LB status stays OFFLINE until config-changed is run explicitly after the initial deployment

Bug #1961088 reported by Nobuto Murata
18
This bug affects 3 people
Affects Status Importance Assigned to Milestone
OpenStack Octavia Charm
Fix Committed
High
Samuel Walladge
Yoga
In Progress
Undecided
Unassigned
Zed
In Progress
Undecided
Unassigned

Bug Description

focal-ussuri

Octavia Amphora LBs get stuck at OFFLINE although the actual data plane is working. There seems an issue in updating the LB status in the control plane somewhere.
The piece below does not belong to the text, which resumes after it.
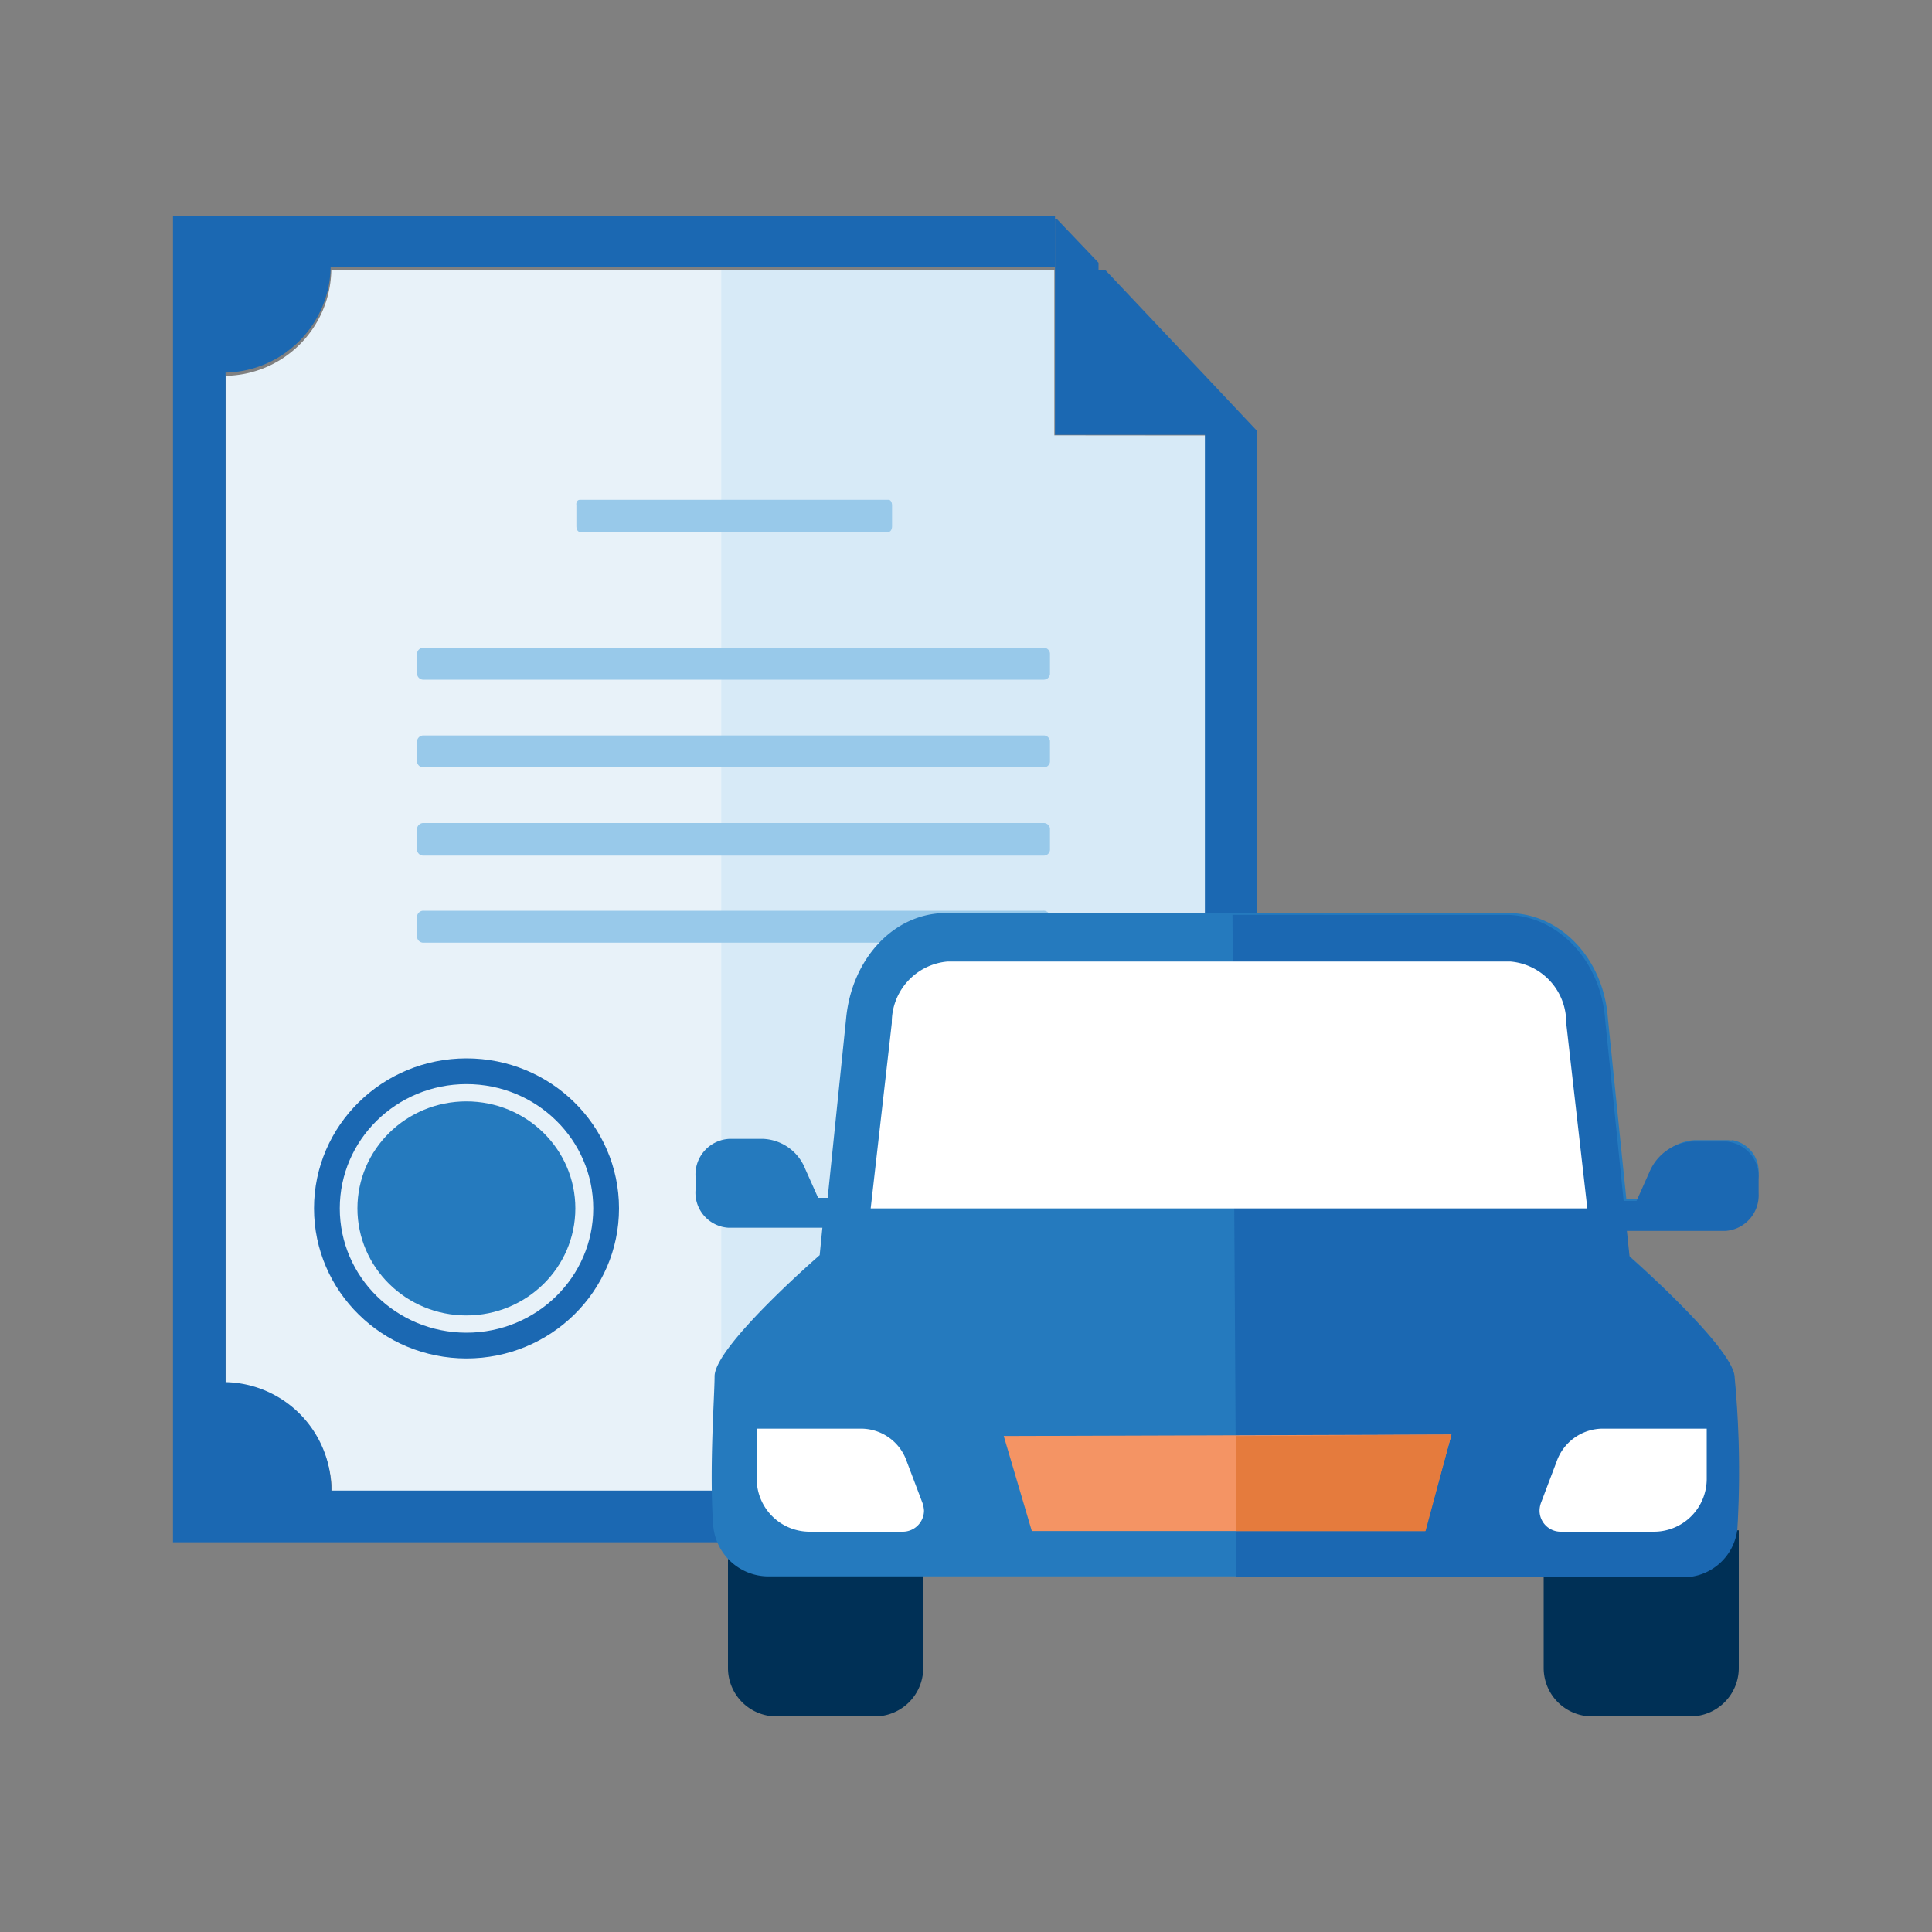 <svg id="Layer_1" data-name="Layer 1" xmlns="http://www.w3.org/2000/svg" viewBox="0 0 150 150"><rect x="0" y="0" width="150" height="150" fill="#808080" stroke="none"/><defs><style>.cls-1{fill:#257abe;}.cls-2{fill:none;stroke:#1b68b2;stroke-miterlimit:10;stroke-width:2px;}.cls-3{fill:#d7eaf7;}.cls-4{fill:#e8f2f9;}.cls-5{fill:#1b68b2;}.cls-6{fill:#98c9ea;}.cls-7{fill:#003056;}.cls-8{fill:#fff;}.cls-9{fill:#f49464;}.cls-10{fill:#e57b3d;}</style></defs><title>paper-car</title><g id="Group_8303" data-name="Group 8303"><ellipse id="Ellipse_510" data-name="Ellipse 510" class="cls-1" cx="37.06" cy="94.81" rx="7.04" ry="6.91"/><ellipse id="Ellipse_511" data-name="Ellipse 511" class="cls-2" cx="37.06" cy="94.81" rx="9.02" ry="8.86"/><ellipse id="Ellipse_511-2" data-name="Ellipse 511-2" class="cls-2" cx="31.08" cy="92.18" rx="9.02" ry="8.86"/><path id="Path_4352" data-name="Path 4352" class="cls-3" d="M81.86,33.8V21H55.91V116H85v-.13a8.37,8.37,0,0,1,8.44-8.29h.15V33.81Z"/><path id="Path_4353" data-name="Path 4353" class="cls-4" d="M25.72,21a8.34,8.34,0,0,1-8.17,8.18v78.34a8.37,8.37,0,0,1,8.21,8.29V116H56V21Z"/><path id="Path_3992" data-name="Path 3992" class="cls-5" d="M93.55,33.53v73.78H93.4A8.37,8.37,0,0,0,85,115.58v.15H25.72v-.13a8.38,8.38,0,0,0-8.21-8.29V28.93a8.34,8.34,0,0,0,8.16-8.19H81.91v-4H13.43v103H97.58V33.53Z"/><path id="Path_3995" data-name="Path 3995" class="cls-5" d="M93.59,29.2h0L85.85,21h-.56v-.6L82.05,17h-.14V33.76H97.62v-.28Z"/><path id="Rectangle_2711" data-name="Rectangle 2711" class="cls-6" d="M45,38.81h24c.15,0,.26.19.26.43v1.62c0,.23-.11.43-.26.43H45c-.14,0-.25-.19-.25-.43V39.24C44.71,39,44.83,38.81,45,38.81Z"/><g id="Group_8189" data-name="Group 8189"><path id="Rectangle_2711-2" data-name="Rectangle 2711-2" class="cls-6" d="M32.9,50.29H81a.49.49,0,0,1,.52.44v1.61a.49.49,0,0,1-.52.43H32.9a.49.49,0,0,1-.52-.43V50.73A.49.49,0,0,1,32.9,50.29Z"/><path id="Rectangle_2711-3" data-name="Rectangle 2711-3" class="cls-6" d="M32.9,57.1H81a.49.49,0,0,1,.52.43v1.62a.49.49,0,0,1-.52.43H32.9a.49.49,0,0,1-.52-.43V57.53A.49.49,0,0,1,32.9,57.1Z"/><path id="Rectangle_2711-4" data-name="Rectangle 2711-4" class="cls-6" d="M32.9,63.9H81a.49.49,0,0,1,.52.43V66a.48.48,0,0,1-.52.43H32.9a.48.48,0,0,1-.52-.43V64.33A.49.49,0,0,1,32.9,63.9Z"/><path id="Rectangle_2711-5" data-name="Rectangle 2711-5" class="cls-6" d="M32.9,70.71H81a.49.49,0,0,1,.52.43v1.62a.49.49,0,0,1-.52.43H32.9a.49.49,0,0,1-.52-.43V71.14A.49.49,0,0,1,32.9,70.71Z"/></g><g id="Group_8301" data-name="Group 8301"><path id="Path_900" data-name="Path 900" class="cls-7" d="M71.52,118.81h-15v10.71a3.76,3.76,0,0,0,3.79,3.74h7.55a3.76,3.76,0,0,0,3.82-3.7v0h0V118.81Z"/><path id="Path_901" data-name="Path 901" class="cls-7" d="M134.9,118.81H119.85v10.71a3.76,3.76,0,0,0,3.78,3.74h7.56a3.76,3.76,0,0,0,3.81-3.7v0h0V118.81Z"/><path id="Path_902" data-name="Path 902" class="cls-1" d="M134.15,88.52h-2.59a3.86,3.86,0,0,0-3.29,2.34l-1,2.24h-1l-1.43-14c-.32-4.68-3.71-8.21-7.74-8.21H73.43c-4,0-7.31,3.53-7.74,8.21L64.26,93h-.74l-1-2.24a3.69,3.69,0,0,0-3.28-2.34h-2.6A2.77,2.77,0,0,0,54,91.32v1.09a2.73,2.73,0,0,0,2.54,2.91h7.31l-.21,2.13s-8.16,7.07-8.16,9.41c0,1.5-.42,7.16-.11,11.53a4.31,4.31,0,0,0,4.35,4h70.9a4.23,4.23,0,0,0,4.24-3.74,76.85,76.85,0,0,0-.22-11.75c0-2.23-8.16-9.4-8.16-9.4h0l-.21-2h7.63a2.77,2.77,0,0,0,2.6-2.91V91.42a2.48,2.48,0,0,0-2-2.9h0C134.42,88.57,134.26,88.52,134.15,88.52Z"/><path id="Path_903" data-name="Path 903" class="cls-5" d="M96,122.46h34.65a4.22,4.22,0,0,0,4.24-3.75,76.7,76.7,0,0,0-.21-11.74c0-2.24-8.16-9.4-8.16-9.4h0l-.21-2h7.63a2.77,2.77,0,0,0,2.6-2.91V91.54A2.73,2.73,0,0,0,134,88.63h-2.65A3.87,3.87,0,0,0,128.06,91l-1,2.24h-1l-1.43-14c-.32-4.68-3.71-8.21-7.74-8.21H95.69Z"/><path id="Path_904" data-name="Path 904" class="cls-8" d="M66.75,110.92h-8v3.94a4.11,4.11,0,0,0,4.14,4.06h7.2a1.65,1.65,0,0,0,1.65-1.64h0v0a2.3,2.3,0,0,0-.11-.57l-1.22-3.22A3.76,3.76,0,0,0,66.75,110.92Z"/><path id="Path_905" data-name="Path 905" class="cls-8" d="M124.56,110.92h7.95v3.94a4.1,4.1,0,0,1-4.13,4.06h-7.21a1.64,1.64,0,0,1-1.64-1.64h0v0a1.9,1.9,0,0,1,.1-.57l1.22-3.22A3.81,3.81,0,0,1,124.56,110.92Z"/><path id="Path_906" data-name="Path 906" class="cls-8" d="M67.6,93.82l1.64-14.39a4.74,4.74,0,0,1,4.35-4.78h43.66a4.74,4.74,0,0,1,4.35,4.78l1.64,14.39Z"/><path id="Path_907" data-name="Path 907" class="cls-9" d="M112.69,111.38l-34.76.11,2.18,7.38h30.52Z"/><path id="Path_908" data-name="Path 908" class="cls-10" d="M112.69,111.38,96,111.49v7.38h14.68Z"/></g><g id="Group_8302" data-name="Group 8302"><ellipse id="Ellipse_510-2" data-name="Ellipse 510-2" class="cls-1" cx="36.21" cy="93.82" rx="8.46" ry="8.31"/><ellipse id="Ellipse_511-3" data-name="Ellipse 511-3" class="cls-2" cx="36.22" cy="93.82" rx="10.84" ry="10.65"/></g></g></svg>

However, after running config-changed hook explicitly everything starts working.

Might be related:
https://bugs.launchpad.net/charm-octavia/+bug/1953639

Restarting octavia related services didn't do the trick but the whole config-changed hook was required.

$ date; openstack loadbalancer list --format yaml
Wed Feb 16 15:15:16 UTC 2022
- id: 092cfccd-cb9f-46b1-961f-e92215c72447
  name: openstack-integrator-6b38f382a2fc-kubernetes-master
  operating_status: OFFLINE
  project_id: ef8e573ad99d45a2b9cf1725a355c0f3
  provider: amphora
  provisioning_status: ACTIVE
  vip_address: 10.5.5.14

^^^ operating_status: OFFLINE

But actual traffic to the backend through the floating IP(192.168.151.61) in front of LB works:

$ openstack floating ip list --fixed-ip 10.5.5.14 --format yaml
- Fixed IP Address: 10.5.5.14
  Floating IP Address: 192.168.151.61
  Floating Network: b81a6386-d544-4502-8087-901f3012576b
  ID: 86189424-7cfc-48b9-9a1f-ff864b24ef49
  Port: 872da267-4a7d-42a6-b0b3-bd35c14701e6
  Project: ef8e573ad99d45a2b9cf1725a355c0f3

$ kubectl -v6 get nodes
I0216 15:21:03.347246 94802 loader.go:372] Config loaded from file: /home/ubuntu/.kube/config
I0216 15:21:03.376692 94802 round_trippers.go:553] GET https://192.168.151.61:443/api/v1/nodes?limit=500 200 OK in 21 milliseconds
NAME STATUS ROLES AGE VERSION
juju-82a2fc-k8s-on-openstack-1 Ready <none> 37m v1.23.3

Tried to restart some services:
# date; systemctl restart octavia-worker.service
Wed Feb 16 15:29:19 UTC 2022
# date; systemctl restart octavia-health-manager.service
Wed Feb 16 15:31:37 UTC 2022
# date; systemctl restart octavia-housekeeping.service
Wed Feb 16 15:33:48 UTC 2022
# date; systemctl restart apache2.service
Wed Feb 16 15:35:48 UTC 2022
-> no luck

Config-changed hook explicitly:

$ juju run --unit octavia/0 -- hooks/config-changed
Get:1 http://security.ubuntu.com/ubuntu focal-security InRelease [114 kB]
Hit:2 http://archive.ubuntu.com/ubuntu focal InRelease
Get:3 http://archive.ubuntu.com/ubuntu focal-updates InRelease [114 kB]
Get:4 http://archive.ubuntu.com/ubuntu focal-backports InRelease [108 kB]
Fetched 336 kB in 2s (157 kB/s)
Reading package lists...
Adding user systemd-network to group octavia
inactive
octavia-api (enabled by site administrator)
active
active
active
active
Synchronizing state of octavia-api.service with SysV service script with /lib/systemd/systemd-sysv-install.
Executing: /lib/systemd/systemd-sysv-install disable octavia-api
Unit /etc/systemd/system/octavia-api.service is masked, ignoring.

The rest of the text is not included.